Sunday, July 9, 2017

December 3, 2016



December 3, 2016

Written by Maximus Peperkamp, M.S. Verbal Engineer

Dear Reader,

This is my twenty-seventh response to “The basic emotional circuits of mammalian brains: Do animals have affective lives?” by J. Panksepp (2011). Again, my dear reader, please don’t be offended that I copy large pieces of Panksepp’s paper as it is relevant to behaviorism as well as to the distinction between Sound Verbal Behavior (SVB) and Noxious Verbal Behavior (NVB). Why don’t behaviorist talk about him?


Before causal neuroscience studies of the early 1950s (e.g., self-stimulation and escape from aversive Electrical Brain Stimulation (ESB) investigators had no real basis for evaluating whether animals experienced their emotional arousals—whether they felt their emotions—but learning mediated by ESB induced reward and punishments solved that problem a long time ago; we just chose not to modify well-established ways of speaking (behavior-only lingo) and related neuroscientific ways of thinking (ruthless reductionism).” (italics added). Here he literally identifies our way of speaking!!!


Although Panksepp advocates for a different way of talking, he only refers to the lingo, to the content as he too doesn’t realize that the SVB/NVB distinction is needed to change the way in which we speak.

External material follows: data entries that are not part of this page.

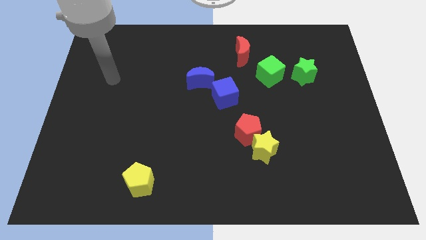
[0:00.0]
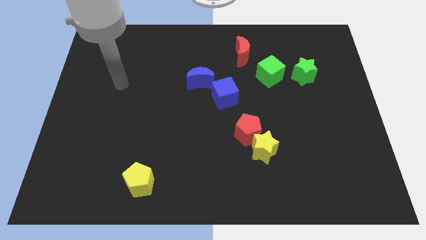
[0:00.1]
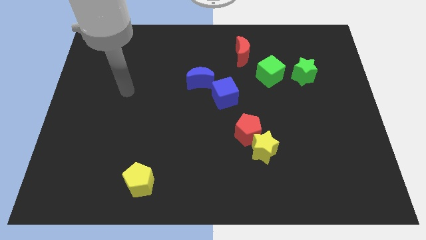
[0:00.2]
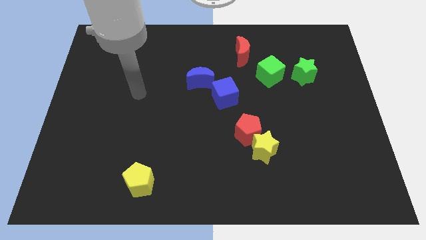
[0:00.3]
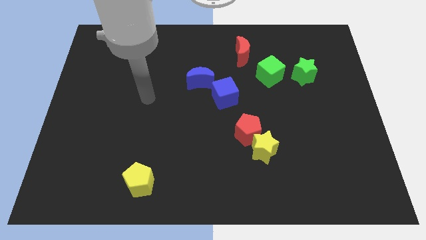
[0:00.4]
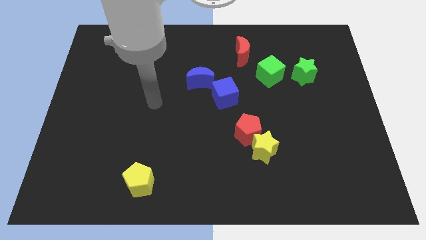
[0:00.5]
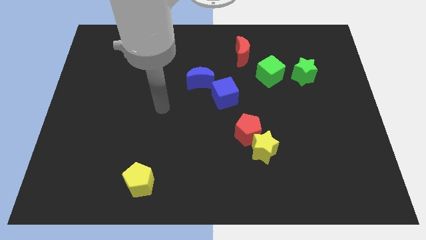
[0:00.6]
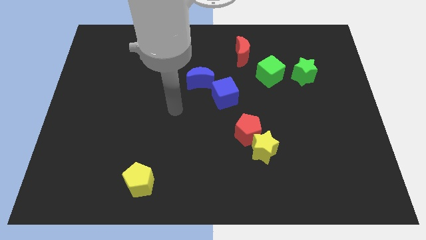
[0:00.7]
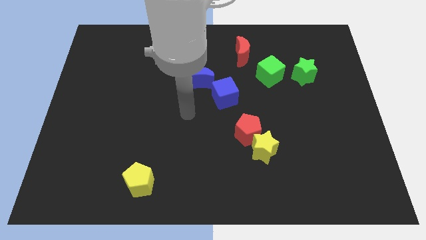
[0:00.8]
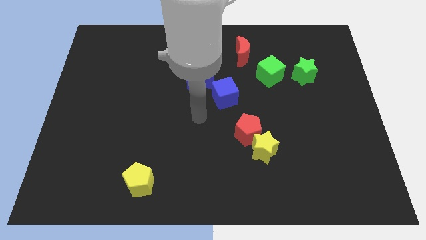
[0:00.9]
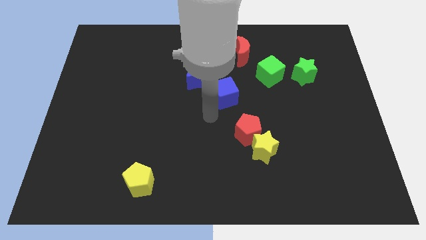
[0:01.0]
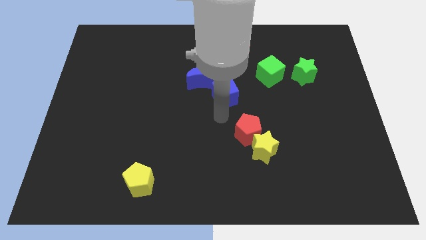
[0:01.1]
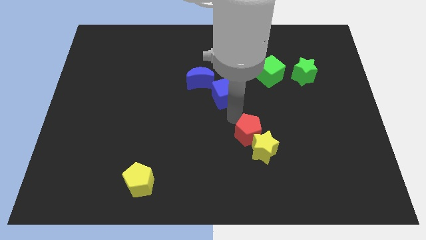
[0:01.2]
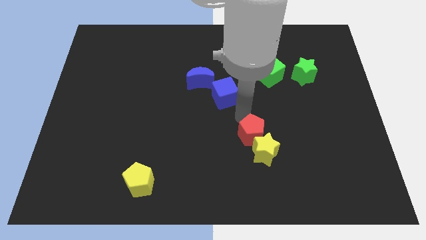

“During the current era, only the most affect-sensitive kinds of human brain imaging, mainly PET scans, can visualize the ghostly tracks of primal affective experiences in the deepest areas of the human brain. But it is now noteworthy that these regions have long been implicated in engendering emotionality in animals. And ESB studies in humans have been quite consistent in generating intense affective experiences during stimulation of such brain regions. Never have such profound
emotional states been provoked by stimulating neocortical regions.
Although some emotional responses have been recently evoked by
cortical micro-stimulation, the rewarding and punishing properties of such brain sites remain to be evaluated.” In SVB we acknowledge and accurately express affective experiences, in NVB this is impossible.